In a case between a lessor and a lessee, the Danish Eastern High Court found that improvements of leased premises carried out by the lessee should be disregarded and that such improvements can be considered to be permanent, even if the lessee has an obligation to restore the premises on vacation. 

On 7 April 2015, the lessor instituted proceedings before the Danish Rent Tribunal against a lessee, claiming that the lessee must recognise a significant rent increase.

During the proceedings it was a central question whether an inserted floor of 22 sqm installed by the lessee was to be included in the area for which rent was to be paid. The lessee contested that rent was to be paid for this area because the lessee's own, permanent improvements were to be disregarded in connection with the assessment of the market rent, see section 13(6)(i) of the Danish Business Lease Act.
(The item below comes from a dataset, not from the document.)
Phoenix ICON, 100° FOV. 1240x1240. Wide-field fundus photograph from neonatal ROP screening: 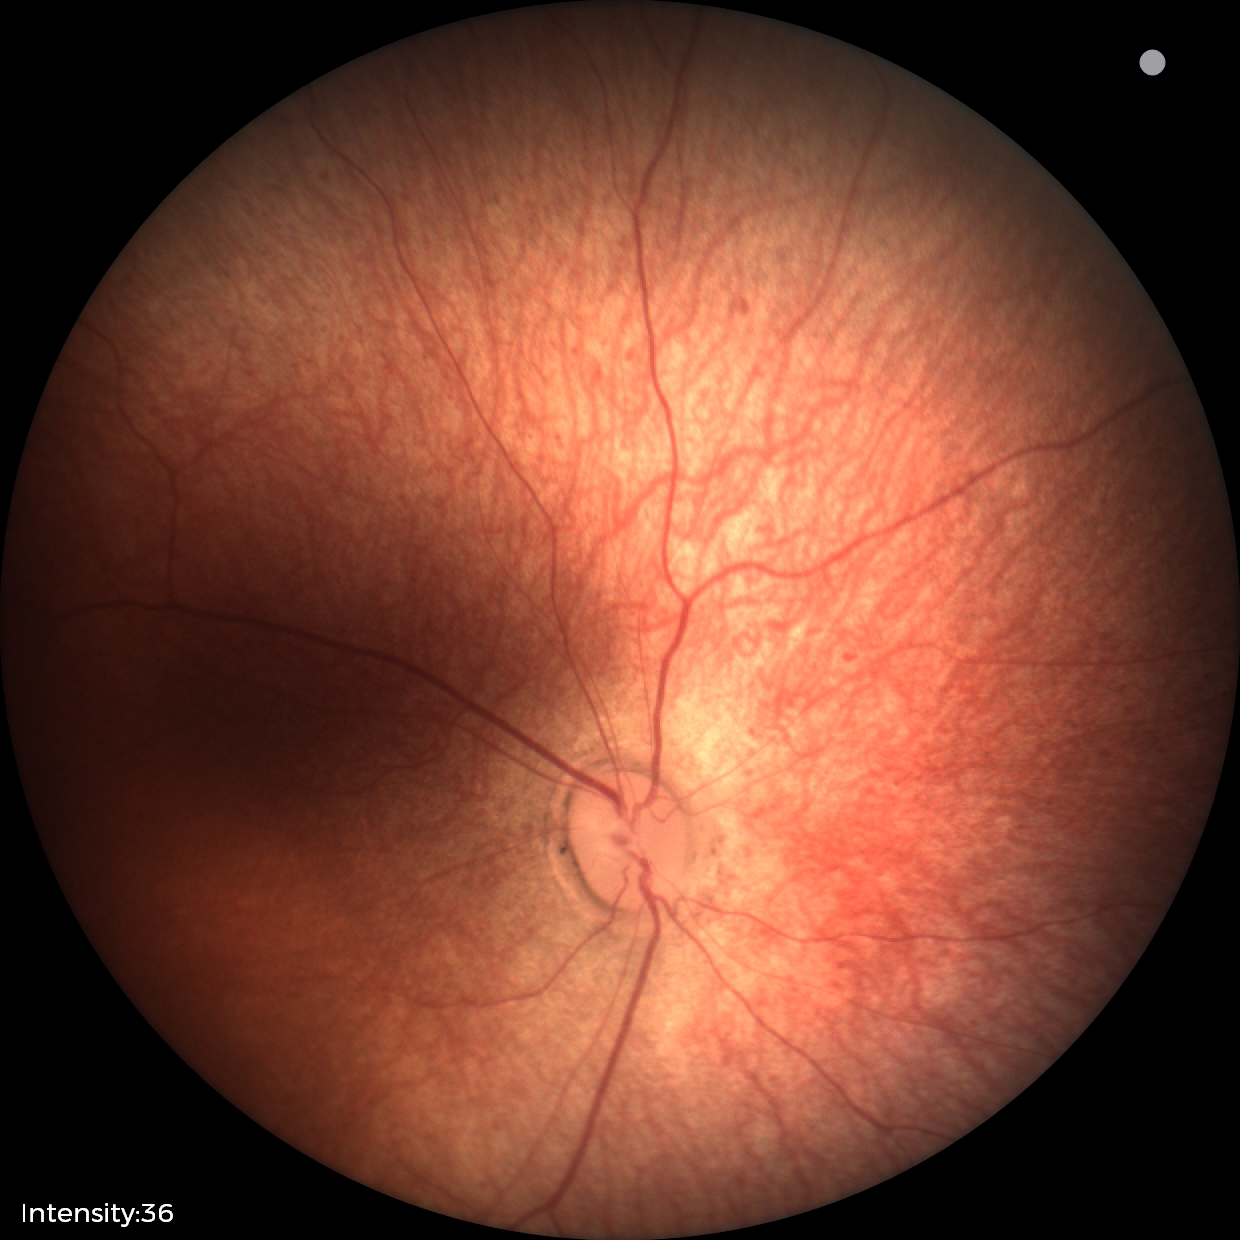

The lessor insisted that the improvements, in the nature of things, could not be considered to be permanent when the lessee had accepted an obligation to remove the inserted floor on vacation.

Based on the evidence, in particular the expert’s assessment, both instances partially upheld the lessor’s claim. However, unlike the Rent Tribunal, the Danish Eastern High Court found that rent was not to be paid for the inserted floor, and accordingly found that the lessee's improvements must be considered permanent, even if the lessee had a full obligation to restore the premises.

This is a landmark decision, as it has now been established that an improvement, for instance an extension, may be permanent even if the lessee is obliged to remove it on vacation.

This gives rise to careful considerations in connection with the conclusion of commercial leases and the lessor’s consent to alterations made by the lessee. A lessor should keep in mind that the lease should include a term that the lessee’s alteration of the premises - made with the consent of the lessor - can only be considered to be permanent improvements if the lessor accepts to derogate from the lessee's obligation to restore the premises in connection with the alteration. A derogation from section 13(6)(1) of the Danish Business Lease Act should be included in the lease if the lessor is to avoid that the lessee's alterations - made subject to a claim for restoration on the part of the lessor - will affect the market rent negatively.

Plesner represented the lessor.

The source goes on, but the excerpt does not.